In the HPC Challenge Award Competition, teams were invited to submit their own implementations of selected benchmarks from the HPC Challenge benchmark suite.10 Evaluation of entries was weighted 50% for performance and 50% for code elegance, clarity, and size. The results of this competition are shown in Figure 4.
These graphs indicate the speedup and relative effort for each submitted implementation of the FFT, RandomAccess, HPL/Top500, and Stream benchmarks. Teams reported the performance of their implementation running on their own parallel computing platform, with no restriction on number of processors. This performance was compared to that of a baseline serial implementation to compute speedup. Relative effort is taken as the size of the parallel code relative to the baseline serial implementation. For each benchmark, the speedup and relative effort for the reference C/MPI implementation is indicated for comparison. The reference C/MPI implementation generally falls in the upper right quadrant of the graph, indicating that it achieved speedup at the cost of additional effort with respect to the serial version.
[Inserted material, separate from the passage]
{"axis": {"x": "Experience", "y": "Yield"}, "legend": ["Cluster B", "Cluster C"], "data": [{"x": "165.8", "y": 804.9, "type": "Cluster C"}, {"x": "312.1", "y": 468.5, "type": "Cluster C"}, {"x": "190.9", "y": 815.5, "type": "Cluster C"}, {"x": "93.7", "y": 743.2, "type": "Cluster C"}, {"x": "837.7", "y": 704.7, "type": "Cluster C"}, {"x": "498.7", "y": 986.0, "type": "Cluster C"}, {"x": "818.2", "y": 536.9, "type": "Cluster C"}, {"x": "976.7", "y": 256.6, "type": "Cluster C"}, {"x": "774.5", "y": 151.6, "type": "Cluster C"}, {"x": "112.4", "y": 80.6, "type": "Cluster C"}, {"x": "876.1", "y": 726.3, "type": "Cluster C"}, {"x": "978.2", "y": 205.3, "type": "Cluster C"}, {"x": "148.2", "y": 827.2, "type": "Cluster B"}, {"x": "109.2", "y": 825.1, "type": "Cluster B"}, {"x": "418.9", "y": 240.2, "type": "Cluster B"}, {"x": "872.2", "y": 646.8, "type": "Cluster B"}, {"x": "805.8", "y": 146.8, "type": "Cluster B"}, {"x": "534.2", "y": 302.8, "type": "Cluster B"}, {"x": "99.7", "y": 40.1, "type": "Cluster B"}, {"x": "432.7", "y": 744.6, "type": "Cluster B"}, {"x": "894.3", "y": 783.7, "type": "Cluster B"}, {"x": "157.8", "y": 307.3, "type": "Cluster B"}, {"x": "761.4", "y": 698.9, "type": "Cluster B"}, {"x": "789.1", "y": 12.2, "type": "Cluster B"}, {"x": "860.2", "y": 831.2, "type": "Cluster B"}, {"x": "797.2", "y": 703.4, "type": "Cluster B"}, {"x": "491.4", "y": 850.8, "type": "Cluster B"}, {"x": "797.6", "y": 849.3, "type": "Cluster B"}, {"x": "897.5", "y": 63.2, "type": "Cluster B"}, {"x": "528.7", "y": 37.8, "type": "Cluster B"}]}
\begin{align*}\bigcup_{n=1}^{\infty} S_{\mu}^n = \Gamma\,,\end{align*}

As shown in the graphs, 24 of the 30 submissions achieved speedup relative to the serial version, and 18 entries required less effort (i.e., smaller code size) relative to the serial version. All but two of the entries required less effort than the C/MPI reference implementation. It is also worth noting that half of the submissions, including all of the winning entries, fall in the upper left quadrant of the graph, indicating that they achieved speedup while requiring less development effort relative to the serial implementation. This result bolsters the argument for using a metric such as RDTP which takes into account both performance and developer effort.